Records from a collection:
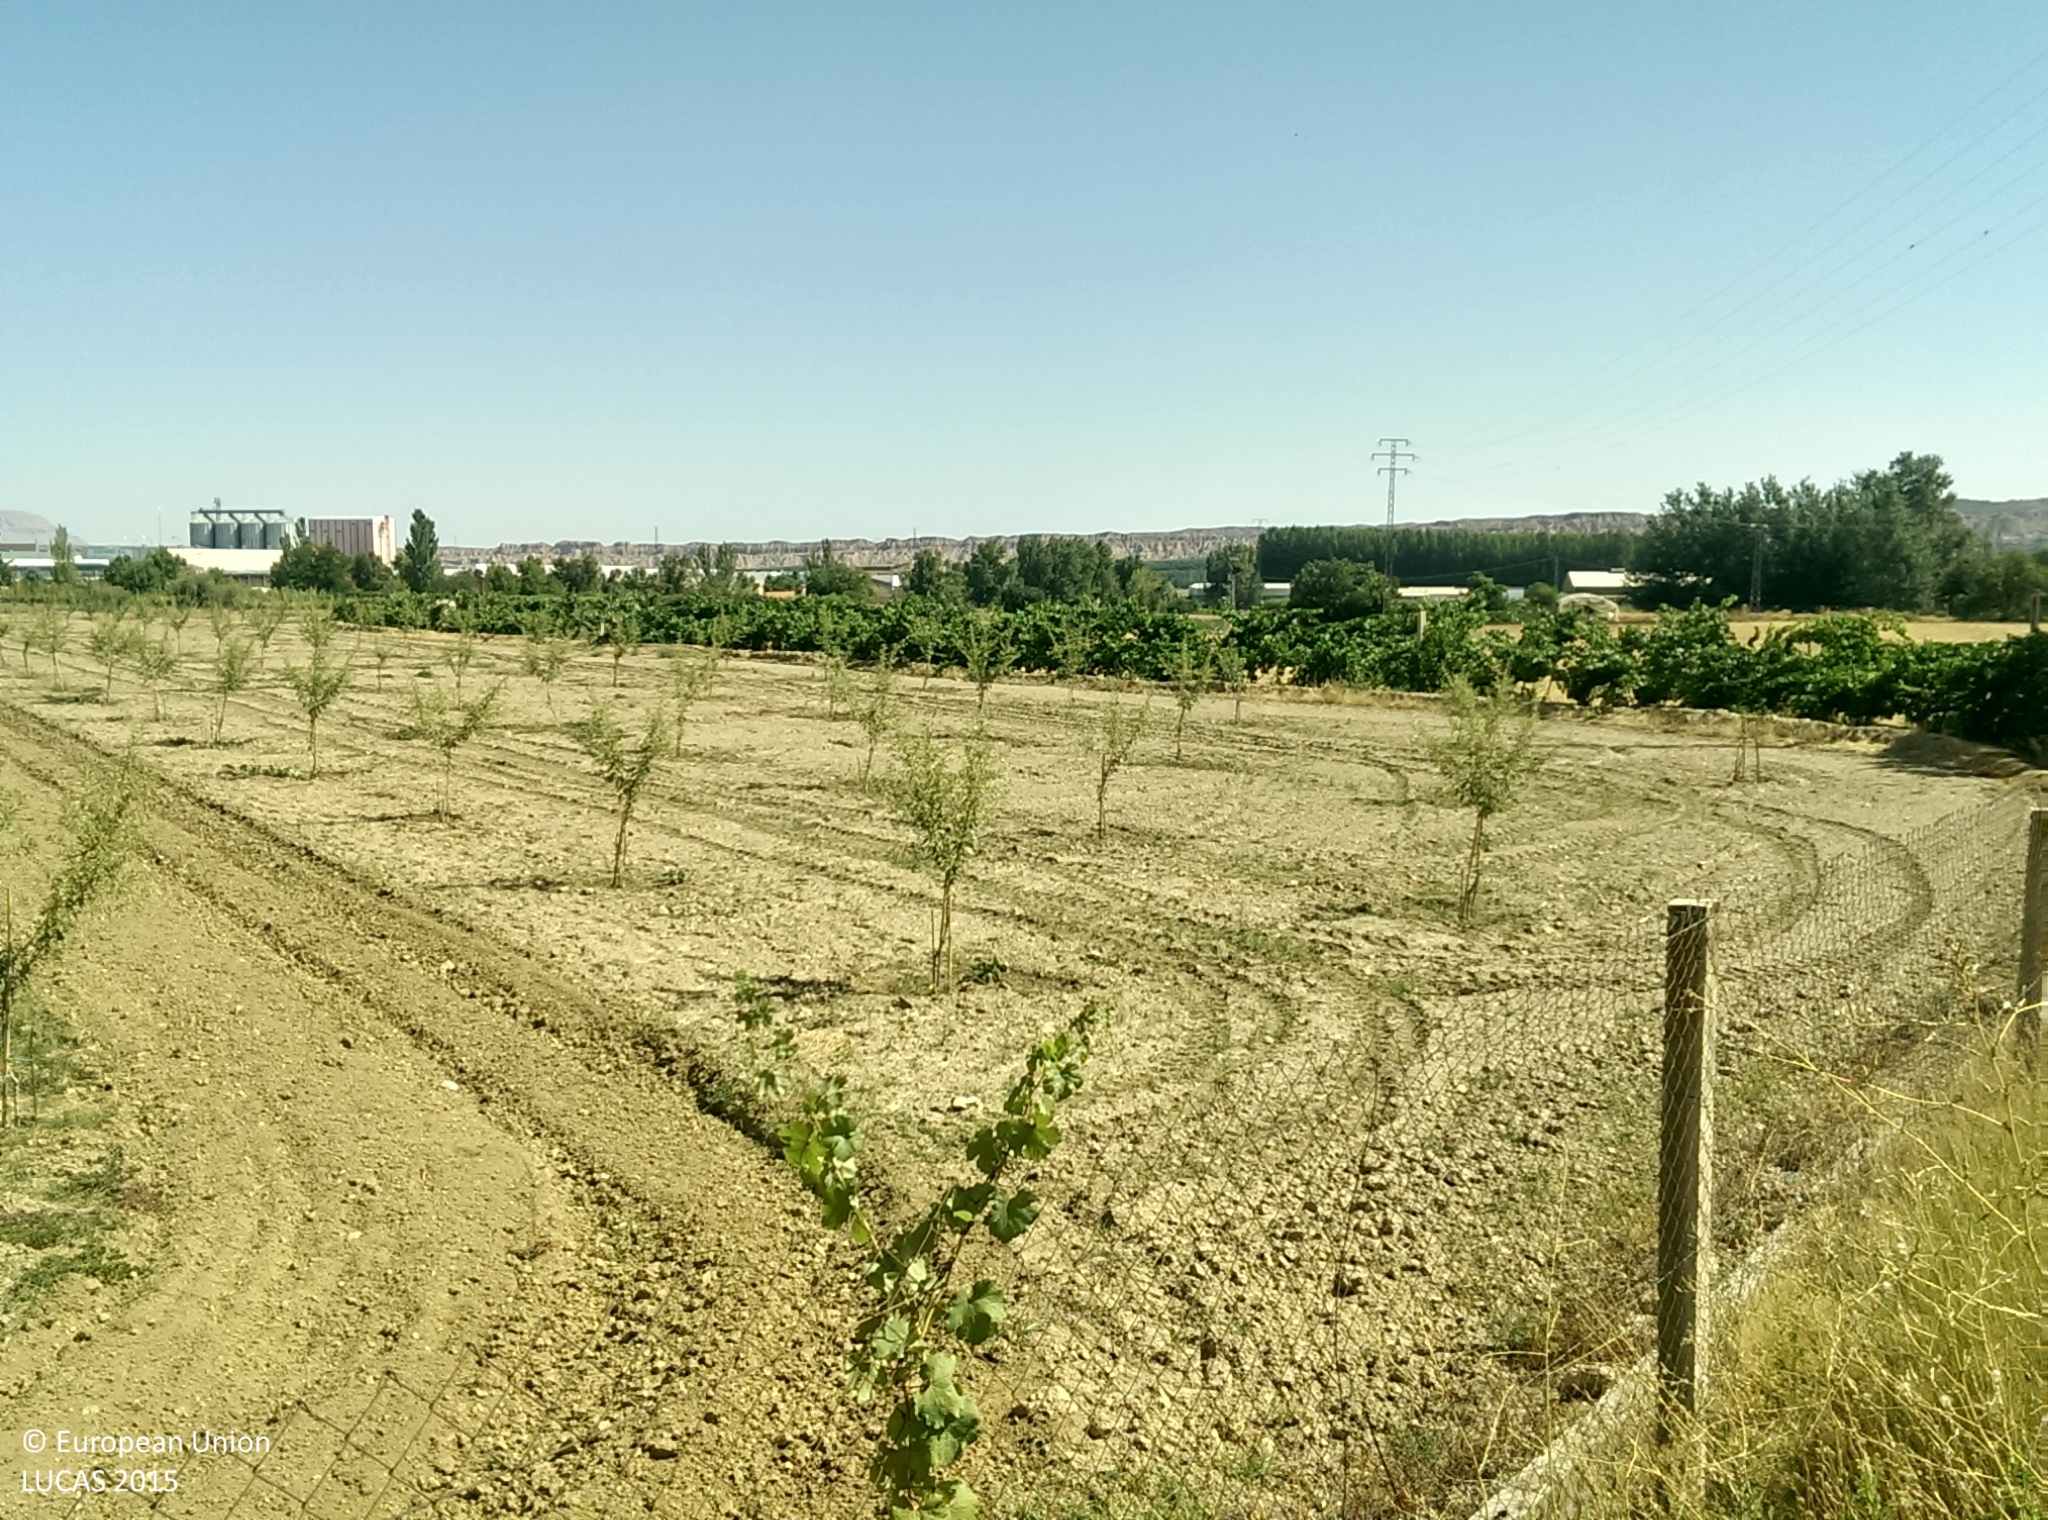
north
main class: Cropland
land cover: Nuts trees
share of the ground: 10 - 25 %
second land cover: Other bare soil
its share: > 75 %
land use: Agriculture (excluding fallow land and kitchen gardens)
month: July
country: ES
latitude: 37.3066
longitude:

[Exercise description]
Return all records exactly as they stand above, except for pictures.

[Problem solution]
north
main class: Cropland
land cover: Nuts trees
share of the ground: 10 - 25 %
second land cover: Other bare soil
its share: > 75 %
land use: Agriculture (excluding fallow land and kitchen gardens)
month: July
country: ES
latitude: 37.3066
longitude:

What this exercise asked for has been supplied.